Why would customs care about your credit card?

What options is your bank offering? Aren't they sending it ?


----------



## John and Cecil (Dec 22, 2019)

NickZ said:


> Why would customs care about your credit card?
> 
> What options is your bank offering? Aren't they sending it ?


The problem is they just leave stuff lying around  I think everything goes through Lisbon and they are not very well organized or efficient. It took 2 months for Cecil's doggles to arrive and they were only $5 including shipping with no customs charges. It was a tiny little envelope that sat around in Lisbon for like 60+ days. A small envelope will probably pass through easier, but also a small envelope is easier to lose.

Customs in Italy were much better, I ordered several things that were more valuable than the goggles and they flew through customs in about 2 weeks or less.


----------



## portugaldreaming (Jul 10, 2016)

My US bank no longer remits cards beyond US borders to overseas destinations. Afew days ago, after 3.5 months I cancelled my card and asked them to remit a new one. The day AFTER I did that the card turned up! But cannot be uncancelled, it too came USPS priority. Why it took so long I have no idea.
DHL and UPS do not send debit cards, but I have found Fedex does. I am not going to risk USPS again!


----------



## NickZ (Jun 26, 2009)

With things like USPS the USPS tracking is valid until the item leaves the US. At which point you usually have to switch to the local tracking website. 

If you have a tracking number I'd try and see if you could figure out where it spent it's vacation.


----------



## portugaldreaming (Jul 10, 2016)

The tracking number turned up on all websites as arrived in Lisbon, but not on CTT website. To this day, even after investigation, they informed me they did not have a clue. Then it turned up!


----------



## John and Cecil (Dec 22, 2019)

portugaldreaming said:


> The tracking number turned up on all websites as arrived in Lisbon, but not on CTT website. To this day, even after investigation, they informed me they did not have a clue. Then it turned up!

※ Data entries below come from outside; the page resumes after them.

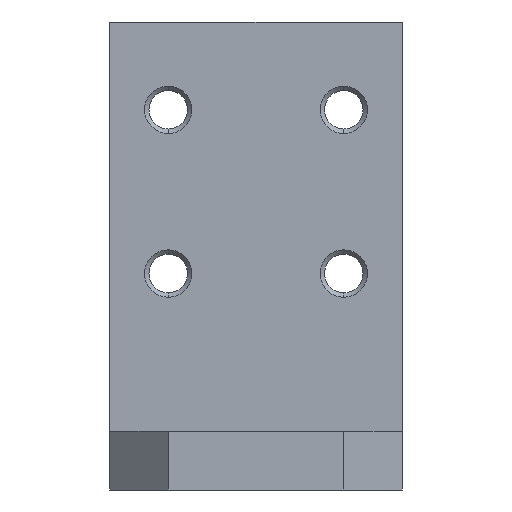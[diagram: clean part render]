
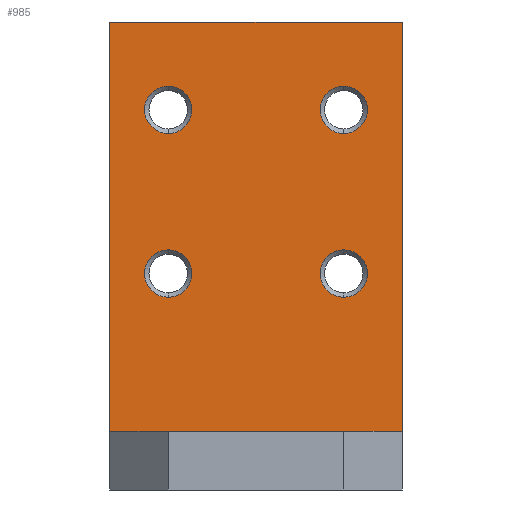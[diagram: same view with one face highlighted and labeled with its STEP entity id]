
A CAD part, front view. The second image highlights one B-rep face of the part: STEP entity #985.
In plain terms, the highlighted planar face has unit normal (0, -1, 0).
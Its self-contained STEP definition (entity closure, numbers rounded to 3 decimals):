
#5 = CIRCLE ( 'NONE', #509, 2.025 ) ;
#13 = DIRECTION ( 'NONE',  ( 0., -1., 0. ) ) ;
#26 = EDGE_CURVE ( 'NONE', #980, #916, #1217, .T. ) ;
#32 = CIRCLE ( 'NONE', #523, 2.025 ) ;
#50 = CARTESIAN_POINT ( 'NONE',  ( 25., 0., 0. ) ) ;
#77 = VERTEX_POINT ( 'NONE', #852 ) ;
#90 = ORIENTED_EDGE ( 'NONE', *, *, #635, .F. ) ;
#100 = FACE_BOUND ( 'NONE', #1095, .T. ) ;
#144 = DIRECTION ( 'NONE',  ( 0., 0., -1. ) ) ;
#161 = AXIS2_PLACEMENT_3D ( 'NONE', #548, #13, #752 ) ;
#172 = EDGE_CURVE ( 'NONE', #1183, #877, #894, .T. ) ;
#176 = CARTESIAN_POINT ( 'NONE',  ( 0., 0., 0. ) ) ;
#219 = CARTESIAN_POINT ( 'NONE',  ( 0., 0., 0. ) ) ;
#228 = CARTESIAN_POINT ( 'NONE',  ( 20., 0., -9.525 ) ) ;
#278 = EDGE_CURVE ( 'NONE', #408, #77, #417, .T. ) ;
#303 = EDGE_LOOP ( 'NONE', ( #451, #473 ) ) ;
#305 = EDGE_CURVE ( 'NONE', #423, #584, #1013, .T. ) ;
#307 = ORIENTED_EDGE ( 'NONE', *, *, #422, .T. ) ;
#308 = ORIENTED_EDGE ( 'NONE', *, *, #615, .F. ) ;
#309 = CARTESIAN_POINT ( 'NONE',  ( 20., 0., -5.475 ) ) ;
#311 = AXIS2_PLACEMENT_3D ( 'NONE', #840, #1251, #1150 ) ;
#312 = CARTESIAN_POINT ( 'NONE',  ( 5., 0., -7.5 ) ) ;
#318 = VECTOR ( 'NONE', #870, 1000. ) ;
#330 = CARTESIAN_POINT ( 'NONE',  ( 20., 0., -21.5 ) ) ;
#335 = CIRCLE ( 'NONE', #414, 2.025 ) ;
#388 = ORIENTED_EDGE ( 'NONE', *, *, #26, .F. ) ;
#397 = AXIS2_PLACEMENT_3D ( 'NONE', #896, #902, #1231 ) ;
#402 = EDGE_CURVE ( 'NONE', #1138, #1127, #335, .T. ) ;
#407 = EDGE_LOOP ( 'NONE', ( #1218, #621 ) ) ;
#408 = VERTEX_POINT ( 'NONE', #1221 ) ;
#414 = AXIS2_PLACEMENT_3D ( 'NONE', #710, #608, #717 ) ;
#417 = LINE ( 'NONE', #592, #549 ) ;
#422 = EDGE_CURVE ( 'NONE', #877, #77, #1309, .T. ) ;
#423 = VERTEX_POINT ( 'NONE', #911 ) ;
#436 = EDGE_LOOP ( 'NONE', ( #556, #90 ) ) ;
#441 = DIRECTION ( 'NONE',  ( 0., 0., 1. ) ) ;
#450 = CARTESIAN_POINT ( 'NONE',  ( 25., 0., 0. ) ) ;
#451 = ORIENTED_EDGE ( 'NONE', *, *, #305, .F. ) ;
#473 = ORIENTED_EDGE ( 'NONE', *, *, #624, .F. ) ;
#509 = AXIS2_PLACEMENT_3D ( 'NONE', #312, #1155, #1049 ) ;
#516 = FACE_BOUND ( 'NONE', #436, .T. ) ;
#520 = DIRECTION ( 'NONE',  ( 0., -1., 0. ) ) ;
#523 = AXIS2_PLACEMENT_3D ( 'NONE', #330, #520, #867 ) ;
#544 = CARTESIAN_POINT ( 'NONE',  ( 25., 0., 0. ) ) ;
#548 = CARTESIAN_POINT ( 'NONE',  ( 20., 0., -7.5 ) ) ;
#549 = VECTOR ( 'NONE', #1296, 1000. ) ;
#556 = ORIENTED_EDGE ( 'NONE', *, *, #939, .F. ) ;
#570 = CARTESIAN_POINT ( 'NONE',  ( 5., 0., -19.475 ) ) ;
#573 = CARTESIAN_POINT ( 'NONE',  ( 5., 0., -7.5 ) ) ;
#584 = VERTEX_POINT ( 'NONE', #1252 ) ;
#586 = DIRECTION ( 'NONE',  ( 0., -1., 0. ) ) ;
#592 = CARTESIAN_POINT ( 'NONE',  ( 25., 0., -35. ) ) ;
#608 = DIRECTION ( 'NONE',  ( 0., -1., 0. ) ) ;
#615 = EDGE_CURVE ( 'NONE', #916, #980, #811, .T. ) ;
#621 = ORIENTED_EDGE ( 'NONE', *, *, #402, .F. ) ;
#624 = EDGE_CURVE ( 'NONE', #584, #423, #5, .T. ) ;
#635 = EDGE_CURVE ( 'NONE', #1204, #1098, #1092, .T. ) ;
#649 = VECTOR ( 'NONE', #920, 1000. ) ;
#705 = FACE_OUTER_BOUND ( 'NONE', #764, .T. ) ;
#710 = CARTESIAN_POINT ( 'NONE',  ( 5., 0., -21.5 ) ) ;
#717 = DIRECTION ( 'NONE',  ( 0., 0., -1. ) ) ;
#745 = AXIS2_PLACEMENT_3D ( 'NONE', #872, #1157, #1267 ) ;
#752 = DIRECTION ( 'NONE',  ( 0., 0., -1. ) ) ;
#763 = FACE_BOUND ( 'NONE', #407, .T. ) ;
#764 = EDGE_LOOP ( 'NONE', ( #307, #1341, #1333, #1263 ) ) ;
#796 = CIRCLE ( 'NONE', #311, 2.025 ) ;
#811 = CIRCLE ( 'NONE', #397, 2.025 ) ;
#840 = CARTESIAN_POINT ( 'NONE',  ( 5., 0., -21.5 ) ) ;
#852 = CARTESIAN_POINT ( 'NONE',  ( 0., 0., -35. ) ) ;
#867 = DIRECTION ( 'NONE',  ( 0., 0., -1. ) ) ;
#870 = DIRECTION ( 'NONE',  ( -1., 0., 0. ) ) ;
#872 = CARTESIAN_POINT ( 'NONE',  ( 20., 0., -21.5 ) ) ;
#877 = VERTEX_POINT ( 'NONE', #219 ) ;
#893 = EDGE_CURVE ( 'NONE', #1127, #1138, #796, .T. ) ;
#894 = LINE ( 'NONE', #450, #318 ) ;
#896 = CARTESIAN_POINT ( 'NONE',  ( 20., 0., -7.5 ) ) ;
#902 = DIRECTION ( 'NONE',  ( 0., -1., 0. ) ) ;
#911 = CARTESIAN_POINT ( 'NONE',  ( 5., 0., -9.525 ) ) ;
#916 = VERTEX_POINT ( 'NONE', #309 ) ;
#920 = DIRECTION ( 'NONE',  ( 0., 0., -1. ) ) ;
#939 = EDGE_CURVE ( 'NONE', #1098, #1204, #32, .T. ) ;
#980 = VERTEX_POINT ( 'NONE', #228 ) ;
#985 = ADVANCED_FACE ( 'NONE', ( #763, #516, #100, #1312, #705 ), #1275, .F. ) ;
#997 = CARTESIAN_POINT ( 'NONE',  ( 20., 0., -23.525 ) ) ;
#1013 = CIRCLE ( 'NONE', #1359, 2.025 ) ;
#1049 = DIRECTION ( 'NONE',  ( 0., 0., -1. ) ) ;
#1069 = DIRECTION ( 'NONE',  ( 0., 1., 0. ) ) ;
#1092 = CIRCLE ( 'NONE', #745, 2.025 ) ;
#1095 = EDGE_LOOP ( 'NONE', ( #388, #308 ) ) ;
#1098 = VERTEX_POINT ( 'NONE', #997 ) ;
#1114 = CARTESIAN_POINT ( 'NONE',  ( 20., 0., -19.475 ) ) ;
#1118 = EDGE_CURVE ( 'NONE', #1183, #408, #1310, .T. ) ;
#1127 = VERTEX_POINT ( 'NONE', #1191 ) ;
#1138 = VERTEX_POINT ( 'NONE', #570 ) ;
#1150 = DIRECTION ( 'NONE',  ( 0., 0., -1. ) ) ;
#1155 = DIRECTION ( 'NONE',  ( 0., -1., 0. ) ) ;
#1157 = DIRECTION ( 'NONE',  ( 0., -1., 0. ) ) ;
#1183 = VERTEX_POINT ( 'NONE', #1289 ) ;
#1191 = CARTESIAN_POINT ( 'NONE',  ( 5., 0., -23.525 ) ) ;
#1204 = VERTEX_POINT ( 'NONE', #1114 ) ;
#1217 = CIRCLE ( 'NONE', #161, 2.025 ) ;
#1218 = ORIENTED_EDGE ( 'NONE', *, *, #893, .F. ) ;
#1221 = CARTESIAN_POINT ( 'NONE',  ( 25., 0., -35. ) ) ;
#1231 = DIRECTION ( 'NONE',  ( 0., 0., -1. ) ) ;
#1244 = VECTOR ( 'NONE', #144, 1000. ) ;
#1251 = DIRECTION ( 'NONE',  ( 0., -1., 0. ) ) ;
#1252 = CARTESIAN_POINT ( 'NONE',  ( 5., 0., -5.475 ) ) ;
#1263 = ORIENTED_EDGE ( 'NONE', *, *, #172, .T. ) ;
#1267 = DIRECTION ( 'NONE',  ( 0., 0., -1. ) ) ;
#1275 = PLANE ( 'NONE',  #1343 ) ;
#1289 = CARTESIAN_POINT ( 'NONE',  ( 25., 0., 0. ) ) ;
#1296 = DIRECTION ( 'NONE',  ( -1., 0., 0. ) ) ;
#1301 = DIRECTION ( 'NONE',  ( 0., 0., -1. ) ) ;
#1309 = LINE ( 'NONE', #176, #649 ) ;
#1310 = LINE ( 'NONE', #50, #1244 ) ;
#1312 = FACE_BOUND ( 'NONE', #303, .T. ) ;
#1333 = ORIENTED_EDGE ( 'NONE', *, *, #1118, .F. ) ;
#1341 = ORIENTED_EDGE ( 'NONE', *, *, #278, .F. ) ;
#1343 = AXIS2_PLACEMENT_3D ( 'NONE', #544, #1069, #441 ) ;
#1359 = AXIS2_PLACEMENT_3D ( 'NONE', #573, #586, #1301 ) ;

It sounds like it might have been held up by customs. I have been warned that they sometimes hold onto packages for several months before releasing them, and Lisbon is where the customs office is located.

If you have family or friends in the US maybe you can have the credit card mailed to them, and then have them send it to you.

This is not a cheap option however they have mailing services in the US that will forward your mail to you (or scan so you can download images). The service I use costs about $180 a year for just monthly mail forwarding and about $250 a year for a virtual account where they scan all the envelopes you receive so you can see what arrives and when. They also charge a fee if you want any envelopes opened and have them scan the contents and upload the images, or you can have all your mail shipped to you (you must pay the postage plus a small handling fee). I think you can get a 3 month account for about $80 plus postage and handling and they will forward your mail to you once every month. Perhaps there are others that are cheaper or maybe you can get one with just a 1 month account. Then you can have the credit card mailed to your mailbox in the US and then have it forwarded to you overseas.


----------



## portugaldreaming (Jul 10, 2016)

My friend in the USA will send it via UPS and it will arrive in 2-3 days. It will cost $82US but they have a 50% special at the moment which means it will cost $41, just a few dollars more than the cost of the original envelope via USPS.


----------



## NickZ (Jun 26, 2009)

Often delays like that are because somebody messed up the paperwork. But if it was a simple envelope strange they held it up. It's not like it had white powder or something in it.


----------



## John and Cecil (Dec 22, 2019)

I think the issue might be that even if it is just an envelope they send it through customs anyway. I know my USPS flat rate envelope was sent through customs in Lisbon. They never even opened it, but perhaps letters get misplaced while they are there. Other packages can take several months to clear so if a letter gets stored with the packages by mistake then you might be in for a very long wait. It appears to be much easier to receive packages overseas in Italy as opposed to Portugal, from my limited experience anyway. I ordered a few items from overseas and Italian customs usually released them in 2 - 3 weeks.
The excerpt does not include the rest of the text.